/aws-eda-slurm-cluster

AWS Slurm Cluster for EDA Workloads

Primary LanguagePythonMIT No AttributionMIT-0

AWS EDA Slurm Cluster

This repository contains an AWS Cloud Development Kit (CDK) application that creates a Slurm cluster that is suitable for running production EDA workloads on AWS.

The original (legacy) version of this repo that used a custom Python plugin to integrate Slurm with AWS has been deprecated and is no longer supported. It can be found on the v1 branch. The latest version of the repo uses AWS ParallelCluster for the core Slurm infrastructure and AWS integration. The big advantage of moving to AWS ParallelCluster is that it is a supported AWS service. Currently, some of the features of the legacy version are not supported in the ParallelCluster version, but work continues to add features to ParallelCluster so that those features may be supported in the future.

Key features are:

  • Automatic scaling of AWS EC2 instances based on demand
  • Use any AWS EC2 instance type including Graviton2
  • Use of spot instances
  • Memory-aware scheduling
  • License-aware scheduling (Manages tool licenses as a consumable resource)
  • User and group fair share scheduling
  • Handling of spot terminations
  • Handling of insufficient capacity exceptions
  • Batch and interactive partitions (queues)
  • Slurm accounting database
  • CloudWatch dashboard
  • Job preemption
  • Manage on-premises compute nodes
  • Configure partitions (queues) and nodes that are always on to support reserved instances (RIs) and savings plans (SPs).
  • Integration with Research and Engineering Studio on AWS (RES)

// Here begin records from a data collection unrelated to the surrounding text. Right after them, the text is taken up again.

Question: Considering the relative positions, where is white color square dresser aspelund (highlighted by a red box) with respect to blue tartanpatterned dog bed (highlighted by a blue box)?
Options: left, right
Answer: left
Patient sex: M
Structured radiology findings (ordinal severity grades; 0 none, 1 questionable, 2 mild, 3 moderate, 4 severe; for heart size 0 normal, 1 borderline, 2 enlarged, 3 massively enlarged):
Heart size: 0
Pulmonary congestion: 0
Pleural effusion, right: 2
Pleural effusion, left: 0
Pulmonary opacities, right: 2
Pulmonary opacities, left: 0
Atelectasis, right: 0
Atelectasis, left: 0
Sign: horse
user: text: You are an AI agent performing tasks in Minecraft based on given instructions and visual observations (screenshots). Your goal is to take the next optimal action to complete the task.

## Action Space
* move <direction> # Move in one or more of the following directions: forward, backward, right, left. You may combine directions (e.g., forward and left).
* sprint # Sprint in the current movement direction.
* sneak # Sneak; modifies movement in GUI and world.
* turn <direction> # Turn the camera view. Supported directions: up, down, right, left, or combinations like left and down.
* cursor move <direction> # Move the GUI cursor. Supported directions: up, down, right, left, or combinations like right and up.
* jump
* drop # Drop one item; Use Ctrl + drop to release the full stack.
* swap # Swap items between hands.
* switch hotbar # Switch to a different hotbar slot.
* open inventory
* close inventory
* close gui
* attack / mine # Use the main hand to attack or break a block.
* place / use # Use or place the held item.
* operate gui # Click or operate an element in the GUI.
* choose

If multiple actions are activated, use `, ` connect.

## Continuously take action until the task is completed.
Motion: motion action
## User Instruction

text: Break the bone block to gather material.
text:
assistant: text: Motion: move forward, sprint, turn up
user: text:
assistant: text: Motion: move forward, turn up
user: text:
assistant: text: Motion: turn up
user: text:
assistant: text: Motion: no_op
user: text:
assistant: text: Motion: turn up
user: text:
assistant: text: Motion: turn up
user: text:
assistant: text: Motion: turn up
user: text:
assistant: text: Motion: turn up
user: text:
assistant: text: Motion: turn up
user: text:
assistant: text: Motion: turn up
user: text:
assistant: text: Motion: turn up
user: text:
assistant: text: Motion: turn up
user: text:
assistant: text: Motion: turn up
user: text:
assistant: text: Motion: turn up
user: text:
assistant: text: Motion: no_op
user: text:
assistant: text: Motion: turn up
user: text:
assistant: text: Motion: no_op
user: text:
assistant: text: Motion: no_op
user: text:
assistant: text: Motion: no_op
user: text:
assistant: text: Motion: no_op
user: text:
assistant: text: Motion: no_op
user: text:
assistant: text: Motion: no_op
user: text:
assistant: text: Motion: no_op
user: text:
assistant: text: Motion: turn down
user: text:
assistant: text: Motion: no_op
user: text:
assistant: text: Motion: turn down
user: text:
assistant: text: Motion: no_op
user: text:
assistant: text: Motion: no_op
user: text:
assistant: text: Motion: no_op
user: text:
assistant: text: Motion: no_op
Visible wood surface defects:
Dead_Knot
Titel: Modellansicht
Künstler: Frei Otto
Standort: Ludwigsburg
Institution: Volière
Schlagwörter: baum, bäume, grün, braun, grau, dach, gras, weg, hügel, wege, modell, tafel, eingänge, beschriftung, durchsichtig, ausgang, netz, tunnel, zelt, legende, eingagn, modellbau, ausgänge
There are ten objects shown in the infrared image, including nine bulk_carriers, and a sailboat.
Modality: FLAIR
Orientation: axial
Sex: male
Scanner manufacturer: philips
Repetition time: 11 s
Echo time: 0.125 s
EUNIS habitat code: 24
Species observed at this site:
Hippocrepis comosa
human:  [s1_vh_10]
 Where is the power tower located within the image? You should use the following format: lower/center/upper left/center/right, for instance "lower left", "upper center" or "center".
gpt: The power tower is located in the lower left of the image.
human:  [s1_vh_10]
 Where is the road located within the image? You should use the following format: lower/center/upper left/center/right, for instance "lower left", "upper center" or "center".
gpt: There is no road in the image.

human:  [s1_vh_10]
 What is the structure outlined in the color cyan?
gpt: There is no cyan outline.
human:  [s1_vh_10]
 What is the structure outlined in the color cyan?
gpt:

Features in the legacy version and not in the ParallelCluster version:

  • Heterogenous clusters with mixed OSes and CPU architectures on compute nodes.
  • Multi-AZ support. Supported by ParallelCluster, but not currently implemented.
  • Multi-region support
  • AWS Fault Injection Simulator (FIS) templates to test spot terminations
  • Multi-cluster federation

ParallelCluster Limitations

  • Number of "Compute Resources" (CRs) is limited to 50 which limits the number of instance types allowed in a cluster. ParallelCluster can have multiple instance types in a compute resource (CR), but with memory based scheduling enabled, they must all have the same number of cores and amount of memory.
  • All Slurm instances must have the same OS and CPU architecture.
  • Stand-alone Slurm database daemon instance. Prevents federation.
  • Multi-region support. This is unlikely to change because multi-region services run against our archiectural philosophy. Federation may be an option but its current implementation limits scheduler performance and doesn't allow cluster prioritization so jobs land on random clusters.

Slurm Limitations

  • Job preemption based on licenses
  • Federation doesn't support prioritizing federated clusters for job scheduling. Result is jobs scattered across the federated clusters.

Operating System and Processor Architecture Support

This Slurm cluster supports the following OSes:

ParallelCluster:

  • Amazon Linux 2
  • CentOS 7
  • RedHat 7, 8 and 9
  • Rocky Linux 8 and 9

This Slurm cluster supports both Intel/AMD (x86_64) based instances and Graviton (arm64/aarch64) based instances.

Graviton instances require Amazon Linux 2 or RedHat/Rocky >=8 operating systems. RedHat 7 and CentOS 7 do not support Graviton 2.

This provides the following different combinations of OS and processor architecture.

ParallelCluster:

  • Amazon Linux 2 and arm64
  • Amazon Linux 2 and x86_64
  • CentOS 7 and x86_64
  • RedHat 7 and x86_64
  • RedHat 8/9 and arm64
  • RedHat 8/9 and x86_64
  • Rocky 8/9 and arm64
  • Rocky 8/9 and x86_64

Note that in ParallelCluster, all compute nodes must have the same OS and architecture. However, you can create as many clusters as you require.

Documentation

View on GitHub Pages

You can also view the docs locally, The docs are in the docs directory. You can view them in an editor or using the mkdocs tool.

I recommend installing mkdocs in a python virtual environment.

python3 -m venv ~/.mkdocs_venv
source ~/.mkdocs_venv/bin/activate
pip install mkdocs

Then run mkdocs.

source ~/.mkdocs_venv/bin/activate
mkdocs serve &
firefox http://127.0.0.1:8000/ &

Open a browser to: http://127.0.0.1:8000/

Or you can simply let make do this for you.

make local-docs

Security

See CONTRIBUTING for more information.

License

This library is licensed under the MIT-0 License. See the LICENSE file.